On the way back from Coventry, the news that Liz Truss was resigning came through. Liz is an admirable person and I supported what she wanted to do. Unfortunately, it did not work. The moment she went, the telephone started buzzing with potential candidates and slates. I wanted Boris back, as he had the mandate and his removal was a mistake. His campaign started well but then ran out of steam. This was clear by Sunday morning, when my slumbers were disturbed by the great man himself prior to the Laura Kuenssberg programme. Unlike the famous farmer, the lark is not my morning alarmer, so I was not entirely gruntled by so early a call.


Gruntled is one of the words which really exists, even though the negative is almost invariably used. Some years ago my youngest sister, Annunziata, and I looked at many of these words, such as ‘gusted’ and ‘ruth’. Almost all of them are in the Oxford English Dictionary. And when rereading P.G. Wodehouse’s The Luck of the Bodkins at the weekend, I noticed he used ‘ruth’ without the ‘less’. These words ought to be brought back into circulation and I expect Spectator readers to rally to this cause.

The interview with Kuenssberg was set up so that a clock was visible in the background and more people watched the clock than listened to my ephemeral comments. It has M for 12, O for 3 and G for both 6 and 9, spelling MOGG. It was made by the Quarmans of Temple Cloud for Jacob Mogg, after whom I am named, and given to me by my father. Jacob was a local businessman who was one of the early patrons of William Smith, the geologist. Smith lived in north-east Somerset and worked out the strata of rock from the pit at High Lyttelton in which Jacob was an investor. The Quarmans made clocks and were, I believe, also the local undertakers, a grandfather clock requiring similar carpentry skills to a coffin.

The 807th anniversary of Agincourt was the day on which Truss resigned. In a short ministerial career, I have attended two farewell cabinets and stood in Downing Street to cheer people in and out. The Downing Street statement is becoming as much a part of our constitutional settlement as the Lord Mayor’s Banquet, yet it is a fairly new innovation. In days served, Liz is the shortest ever. But unlike her immediate predecessors, she served two terms rather than one. The prime minister is appointed by the sovereign and Liz kissed hands twice. At a general election, a prime minister continues and is not reappointed; thus, since the war, only Churchill, Wilson and Truss have served two terms. All the others did only one. This may make the pub quiz question slightly harder.

As luck would have it, my ministerial career ended on a day when the House was debating the retained EU Law Bill. This is an essential bill to complete Brexit, so the Remainiacs were out in force.
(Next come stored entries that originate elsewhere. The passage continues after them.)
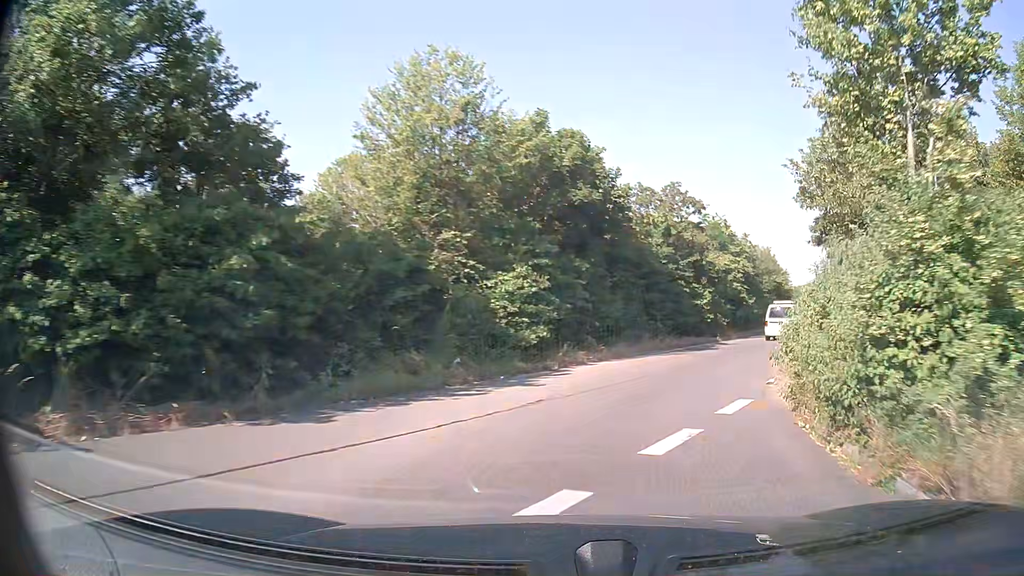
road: primary_link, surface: asphalt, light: Day
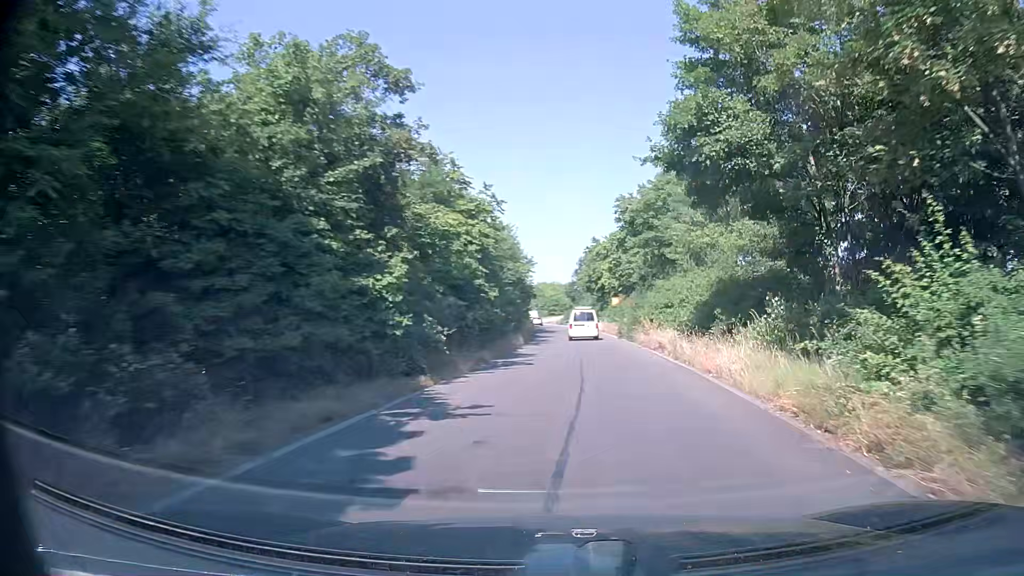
(+4.7, +20.4) m; +24°
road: trunk_link
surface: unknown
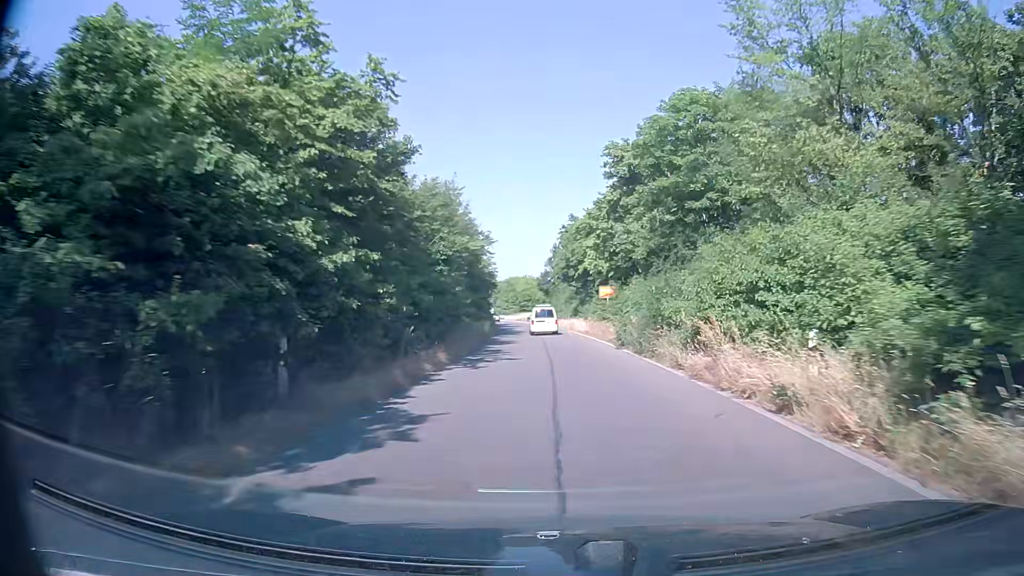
(+0.5, +15.9) m; +2°
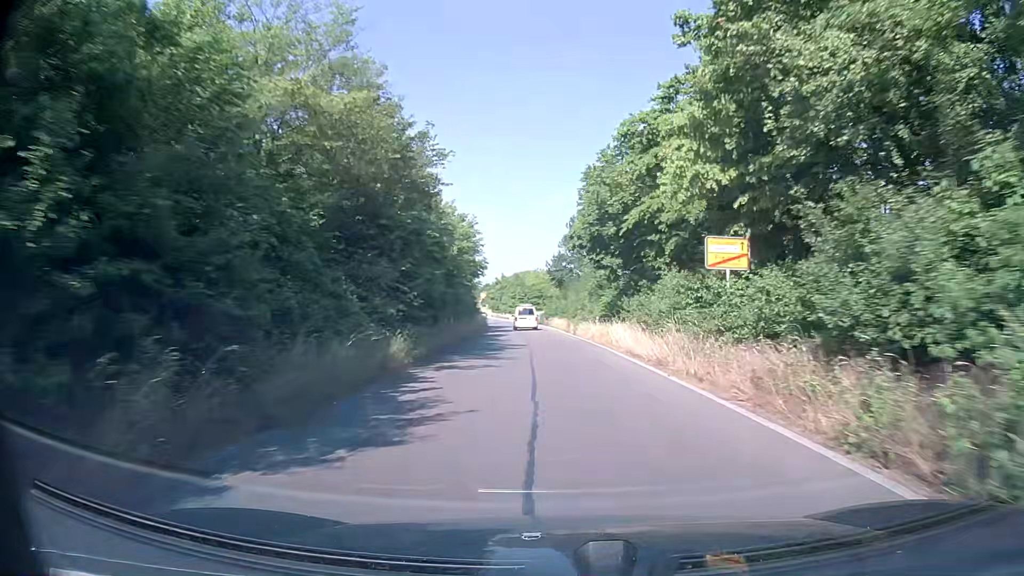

I have spent the past eight months pushing it to completion. The obstacles put in its way were manifold and only the determination of Boris Johnson and then Liz Truss saw it to the floor of the House. Dean Russell delivered the opening speech and dealt brilliantly with an array of Europhile interventions. In a few short weeks he has proved himself to be a first-class minister. I had the luxury of speaking from the backbenches, which is much more fun than being a minister. There is no set text, merely the ability to push a cause. No need to suck up to people who make fatuous points, but an ability to debate. As Disraeli said of going to the House of Lords: ‘I am not dead, but in the Elysian Fields.’